Outrageous Outrage — or We Get What We Deserve

riverside-drive-medOn July 29, 2014, the City of Memphis held a public meeting at Beale Street Landing to make a presentation and receive comments about the ongoing pilot project making half of Riverside Drive a pedestrian and bicycle only path and the future use of the roadway.

About 45 people were in the audience for the meeting and many repeatedly expressed, in sometimes caustic terms, a frustration because they felt the city proceeded with the pilot project first without an opportunity for public input, taking them by surprise.

The apparent opponents of both the pilot project and any plans to continue the narrowed use of the street by motor vehicles seemed to outnumber those who voiced support. There were a number of complaints regarding safety of those driving cars and trucks on the now two lanes open to motor vehicles, about traffic congestion, about actual use of the part of the road now reserved for pedestrians and bicycles. This report is not to diminish any validity such complains may or may not have nor does it favor one proposal over another, including returning the road to its former four lane motor vehicle use or keeping its use divided.

In answer to one person asking why the city did not hold such public meeting before closing one side of the road for the pilot project, City Engineer John Cameron noted that it is often difficult to get people to attend any such meeting until something is actually done, like this pilot project, that gets the public’s attention. He had also let the people know that this was one of the top fast-track proposals endorsed by consultant Jeff Speck and outlined in a public meeting more than a year ago.

This frequent observer of public meetings believes Cameron was telling a sad truth. The public usually does not make itself aware of what its government is doing or plans to do and often does not actively participate until something happens. Then those who make their voices heard are typically those who do not like what has been done.

More to the point addressing the complaints of those who said they did not know about the plan to close one side of Riverside Drive until it happened was that the city’s announced plans for the pilot project implementation got major play by the news media, including by The Commercial Appeal on March 8, was also outlined in the Memphis Daily News April 22, the Memphis Business Journal March 10, WMC-TV March 11, and WHBQ-TV March 11. The southbound lanes of Riverside Drive were closed for much of May, as usual for the Memphis in May festival, and the pilot project keeping those lanes closed to motor vehicles ensued after that. This time line means the public got more than two months to voice whatever comments it had about the plans before the city actually began the project.   The city council meets about twice a month and a member of the public may request to speak on any subject, the matter does not have to be on the agenda. Letters, phone calls, and e-mail messages could have been directed to council members, the mayor, the city engineer, and others. If people do not take the time and effort to try to stay informed and then participate in our self- government, it tends to make them look less than diligent when they later complain about not having had an opportunity for input.

There were one or two comments at the July 29 meeting that messages left with the city were not returned. Cameron said he was disappointed to hear that, leaving the impression that if his office gets legitimate communications from the public he expects it to respond.

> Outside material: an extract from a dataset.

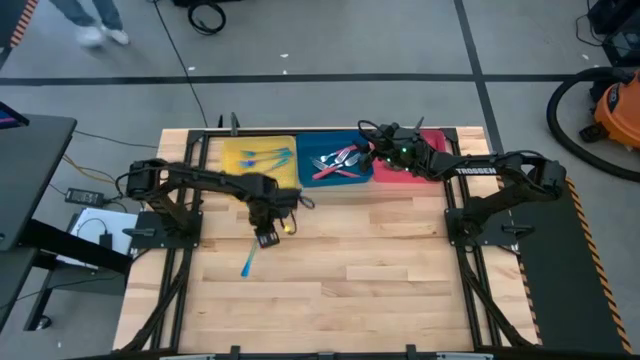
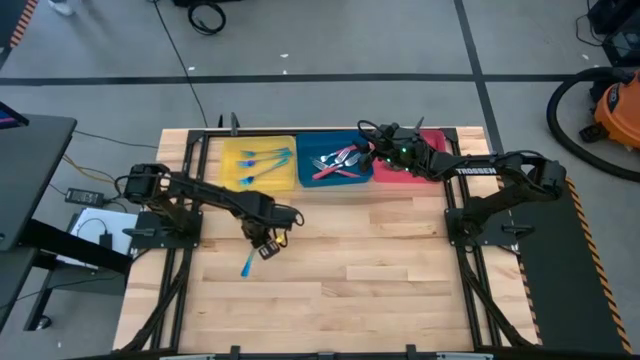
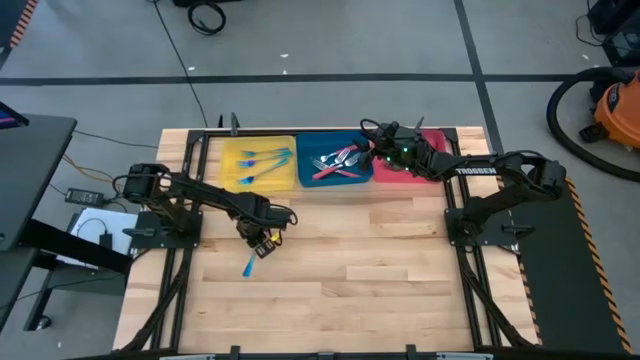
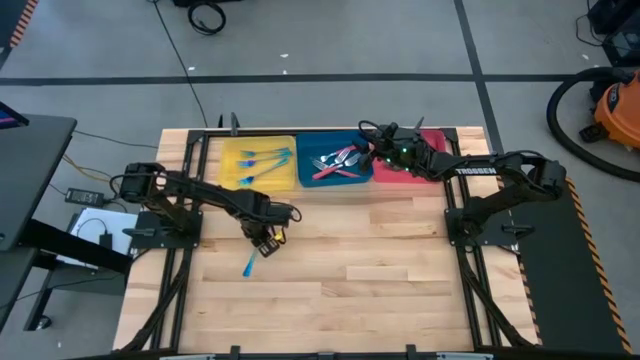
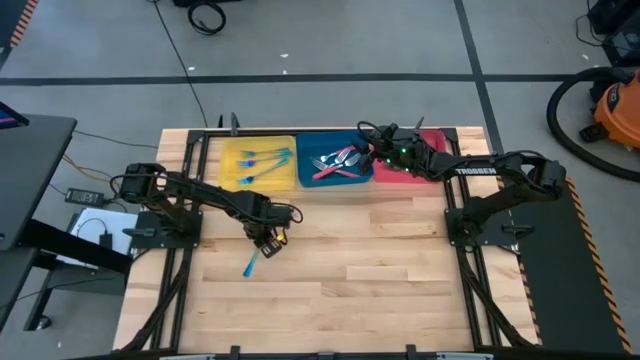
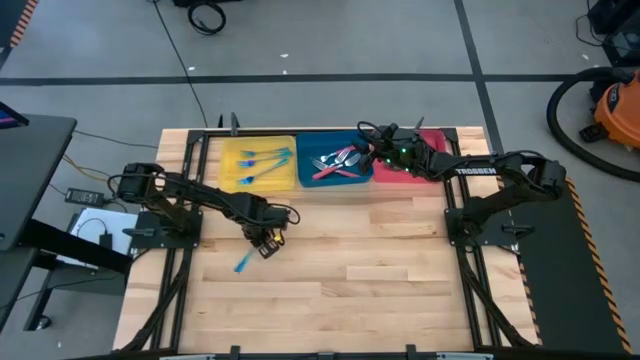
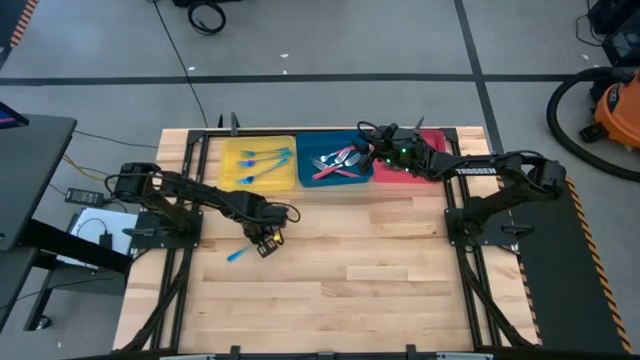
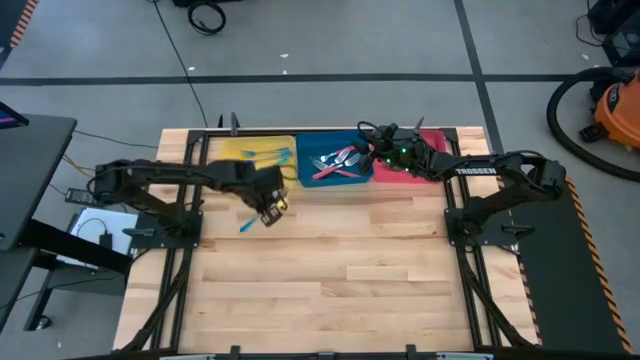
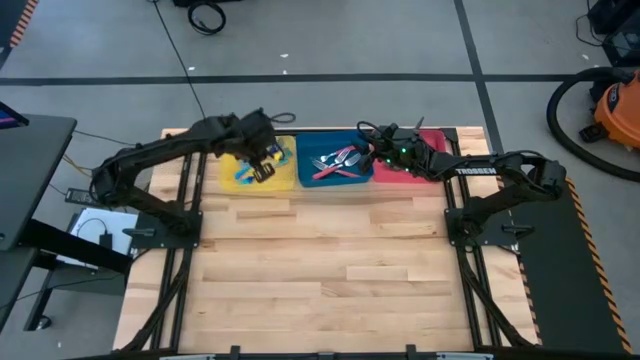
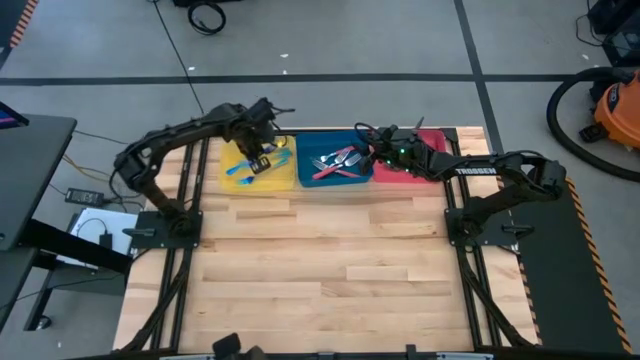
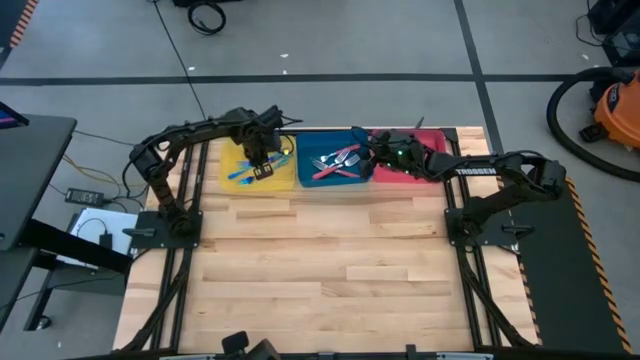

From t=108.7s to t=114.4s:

Certainly the comments at the late July gathering, including those that were seemingly tinged with animosity, are valuable feedback to the city about what some of the residents think and Cameron promised to take the suggestions under consideration. It is rarely too late for the public to tell its government what it wants. It is good that the opponents, as well as those favoring the reassignment of Riverside Drive, were at the July 29 meeting. It is a shame that less than 50, excluding the media, city officials, and Beale Street Landing employees, chose to attend. Regardless, as they would probably admit and as their questions clearly implied, there could be better timing for comments for those who opposed any change to Riverside Drive and it would seem that the months between the announcement of the plan and its implementation would have been that better time.

The outrage expressed by some of the public about not having a reasonable opportunity to address the issue with the city seemed, for the most part, to be outrageous. Since this was not a major concrete and earth moving project requiring a long term advance commitment, it could be argued there was a significant amount of time and opportunity for the public to express itself.

If residents of a city do not inform themselves and take part in their self-government, then it could be said they deserve what they get, whether they like it or not.

Although there may well be times for outrage, it would seem obvious that it might be worthwhile for all of us to devote a little more, or perhaps much more, time to learning what our various levels of government are doing, then to express our opinion to our elected and appointed officials, preferably in a timely and courteous manner, not after-the-fact and with animosity because we did not, in fact, inform ourselves and make our voices heard earlier.